The original installer did not use mortar or anything to support the shower floor. There is a good amount of flex. One company said they could drill a hole and fill it with foam. Then refinish the crack. Another company says that wont work. 

Our goal is to stop the leak until the tenants move out. Then get in there and install a new prefab shower or maybe do a custom pan and tile walls. 

Any advice would be greatly appreciated.


----------



## mc handyman

Just out of curiosity can you cut the unit just above the pan and install a new pan? Caulk the seams and call it good for the time being?


----------



## ohiohomedoctor

mc handyman said:


> Just out of curiosity can you cut the unit just above the pan and install a new pan? Caulk the seams and call it good for the time being?
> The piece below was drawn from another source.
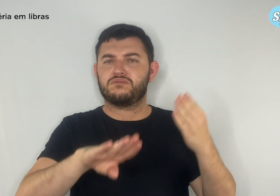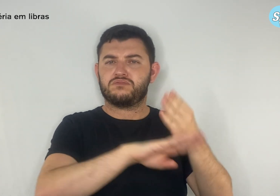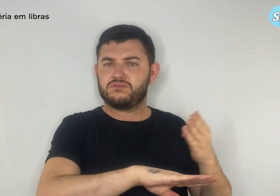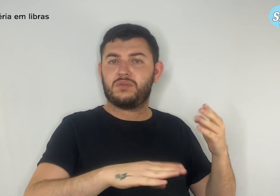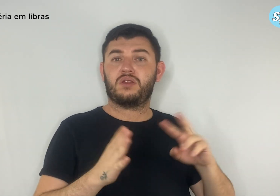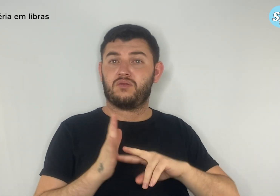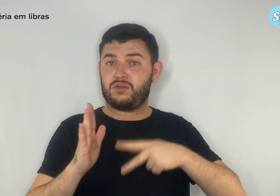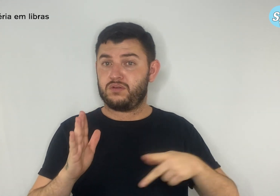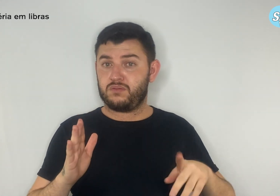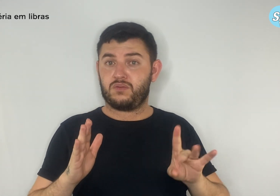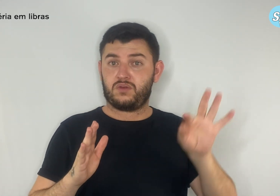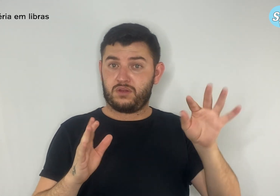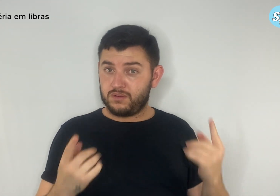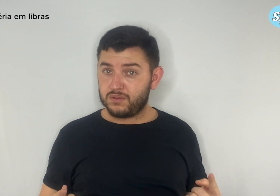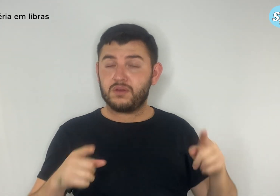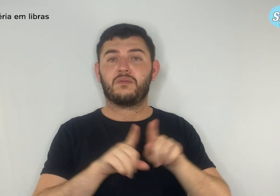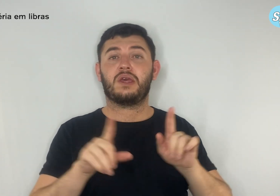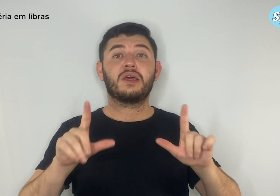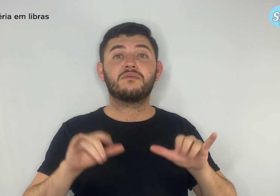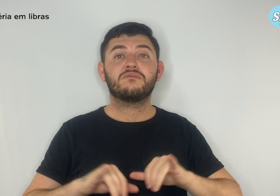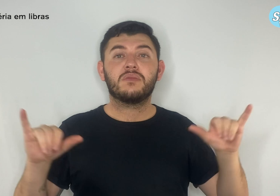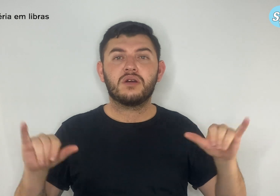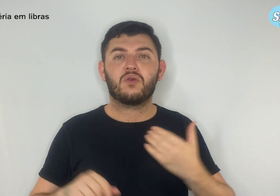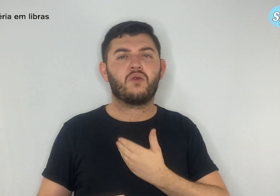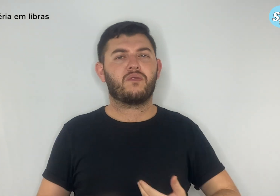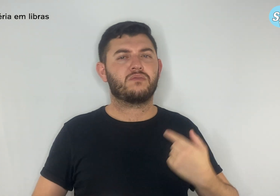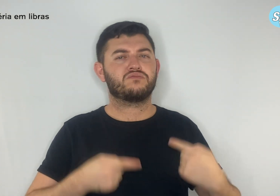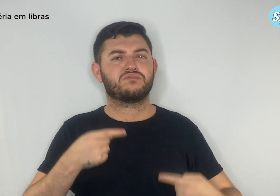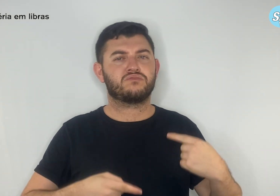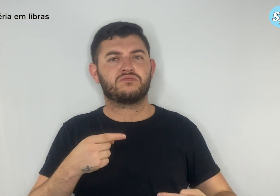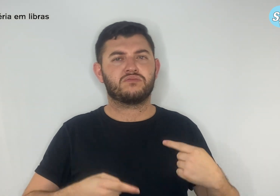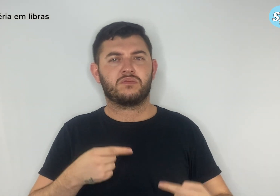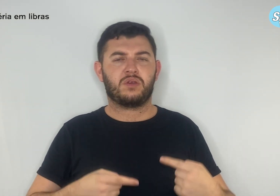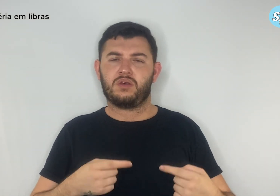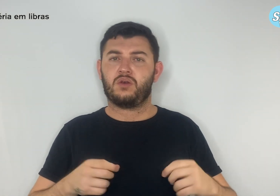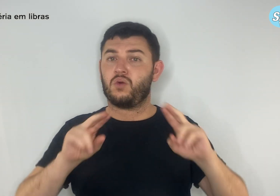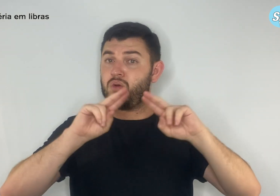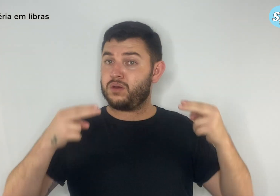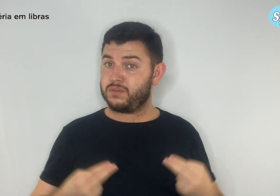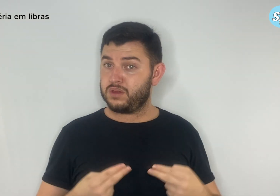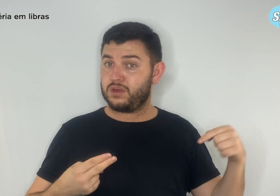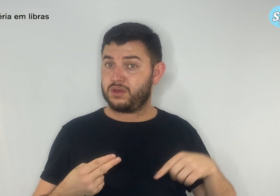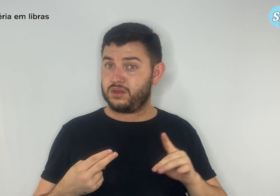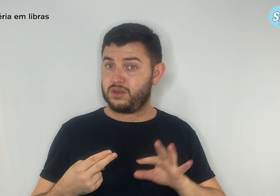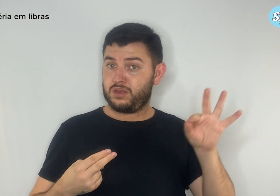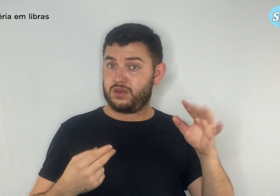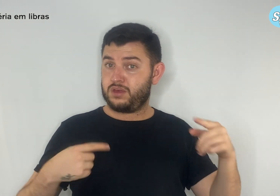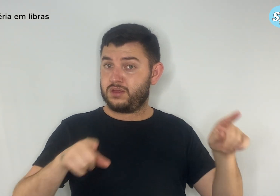campanhas, debates com o governo, com a Câmara Legislativa e com o Ministério

Sure you could also just place your foot firmly over the crack while showering.


----------



## Tech Dawg

mc handyman said:


> Just out of curiosity can you cut the unit just above the pan and install a new pan? Caulk the seams and call it good for the time being?
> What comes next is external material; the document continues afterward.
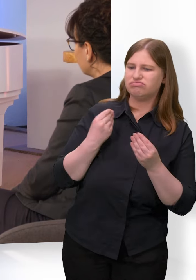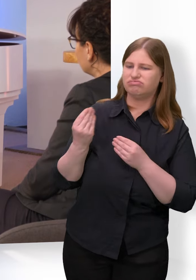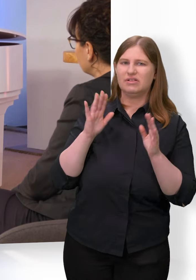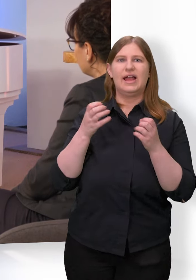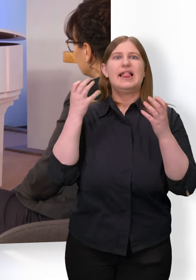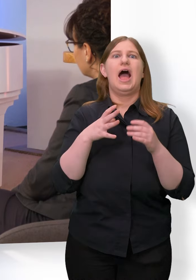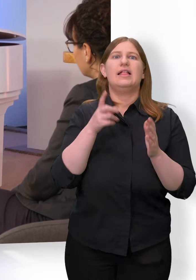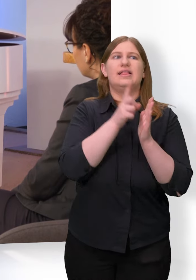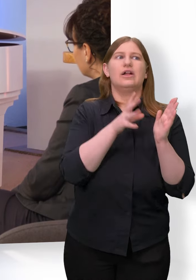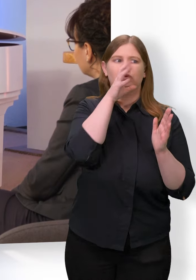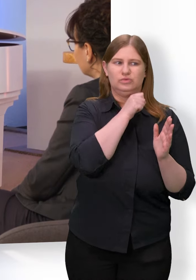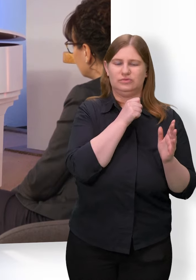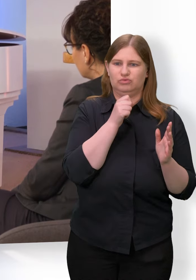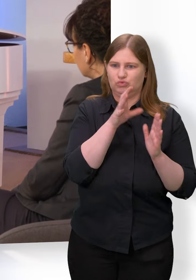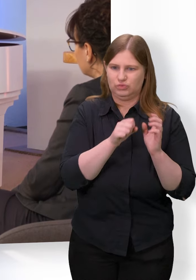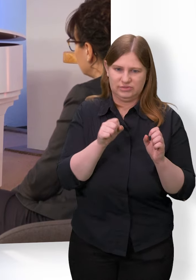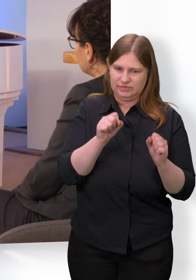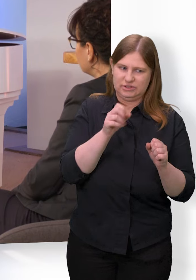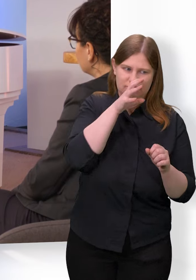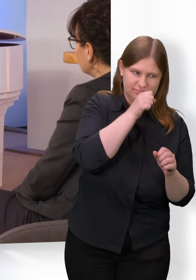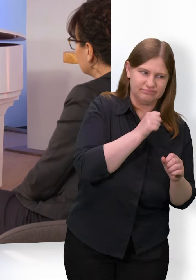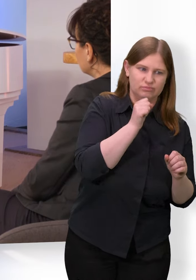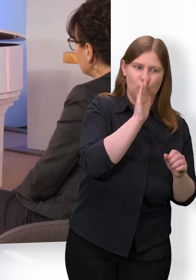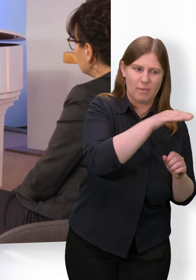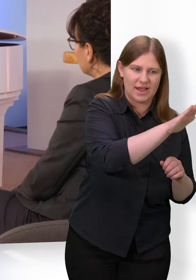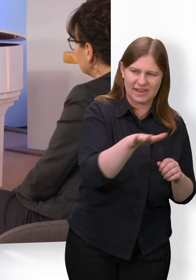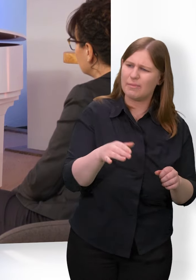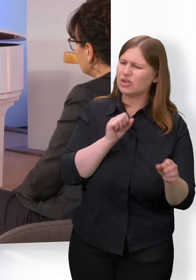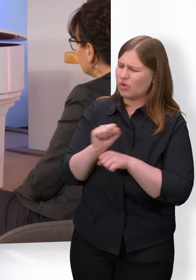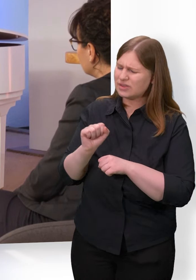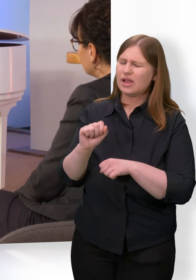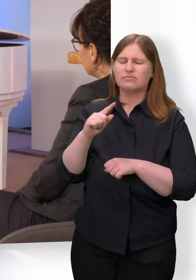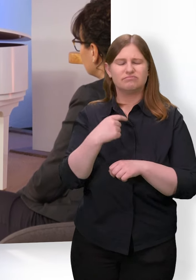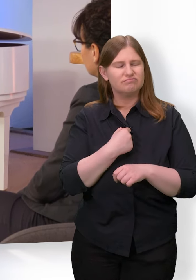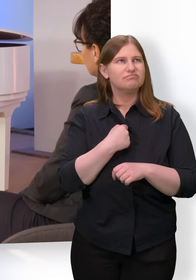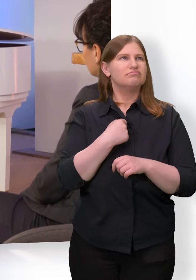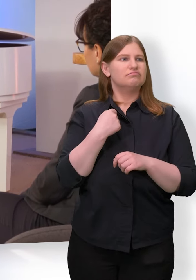Datenschutz ist immer ganz arg wichtig, aber sie weiß trotzdem natürlich ganz arg viel, was mich umtreibt und das ist total gut.

Wouldn't work, 1 piece units are contoured in too far from the studs to where it wouldn't sit right on a shower base... + you would have no way of nailing the base to studs or using stud clips...


----------



## Tech Dawg

ohiohomedoctor said:


> Sure you could also just place your foot firmly over the crack while showering.


:laughing:


----------



## Tech Dawg

wopachop said:


> Getting mixed answers from people who reseal prefabricated shower pans. This is a 1 piece shower. Its 30 years old not sure what its made of. The landlord resealed it about a year ago. Tenants called and said a crack developed. I got sent down to check it out. Went under the house and the crack is for sure leaking.
> 
> The original installer did not use mortar or anything to support the shower floor. There is a good amount of flex. One company said they could drill a hole and fill it with foam. Then refinish the crack. Another company says that wont work.
> 
> Our goal is to stop the leak until the tenants move out. Then get in there and install a new prefab shower or maybe do a custom pan and tile walls.
> 
> Any advice would be greatly appreciated.


I have never seen a 1 piece unit installed in mortar, they have feet on the bottom that sit on the floor and also supported by the skirt.
30 years old and a leaking crack... sounds like the landlord needs to pull out the wallet and pay for a remodel kit like SwanStone Veritek or go cheaper with a Sterling kit


----------



## ohiohomedoctor

Tech Dawg said:


> I have never seen a 1 piece unit installed in mortar, they have feet on the bottom that sit on the floor and also supported by the skirt.
> 30 years old and a leaking crack... sounds like the landlord needs to pull out the wallet and pay for a remodel kit like SwanStone Veritek or go cheaper with a Sterling kit


Kohler sterling now we are talking. I cant believe kohler put there name on those boxes. My favorite is when the beer budget folks are like ,"oh, your giving us a kohler shower.?.?" Oh yes nothing but the best for you ma'am....


----------



## TNTRenovate

I thought that there was a thread on this several months back. Someone had a ladder that cracked an unsupported pan and there were several posts on how to repair. I tried searching, but couldn't find it.


----------



## Tech Dawg

I cringe at the thought of a Sterling kit... they are always cracked somewhere when you pull them out of the box 
I like the SwanStone Veritek kits much better and they have some nice aggregate color selections. I have not had a failure with any Swan product so that's what I push when it comes to those types of installs :clap:


----------



## Tech Dawg

TNTSERVICES said:


> I thought that there was a thread on this several months back. Someone had a ladder that cracked an unsupported pan and there were several posts on how to repair. I tried searching, but couldn't find it.


I think that was a smaller crack from a dropped tile... I don't think a repair would successfully last more than a month on the OP's provided picture... its too big. It needs replaced


----------



## TNTRenovate

Tech Dawg said:


> I think that was a smaller crack from a dropped tile... I don't think a repair would successfully last more than a month on the OP's provided picture... its too big. It needs replaced


Could have been, just thought that I would throw that in. I couldn't remember the circumstances. I also wouldn't personally condone a repair, too much can go wrong. Do it right, pull it and replace it would be my opinion.


----------



## KillerToiletSpider

A little Mighty Putty and she'll be good as new.


----------



## TNTRenovate

KillerToiletSpider said:


> A little Mighty Putty and she'll be good as new.


----------



## Tech Dawg

Billy Mays was cool :laughing:


----------



## angus242

Mighty Putty was so 2007


----------



## Splinter hands

GET THE DUCT TAPE!!!:laughing:


----------



## WildWill

I'm going to take a crack at this. I wouldn't suggest doing this, just taking a wild stab at a fix.

Along the crack drill a couple 1/4" holes.

Stick tube of expanding foam in drilled holes and fill voids.

After foam is dry grind off gel coat around cracked area.

Clean shower pan with mineral sprites.

Using fiberglass resin glue down patch of fiberglass cloth over crack.

Apply fiberglass gel coat to bottom of shower.


----------



## 3bar

a fiberglass repair guy can fix that.


----------



## cabinet runner

3bar said:


> a fiberglass repair guy can fix that.


 There is a guy in my area that does these repair . A supply house used to give out his number . Had a painter put a hole in my prefab tub/shower unit with his ladder 5 years ago and the repair is still good . 

He charged me $150.00 . Took him about 45 minutes . Pretty simple thing if somone has the right products to do it . This guy had all the colors from the major manufactuers . 

Your crack can definetly be fixed .


----------



## jkfox624

There was a guy around here that did repairs as well. Told me one time he replaced the bottoms of tub showers in hotels alot. Would cut the majority of the bottom out and redo it somehow.


----------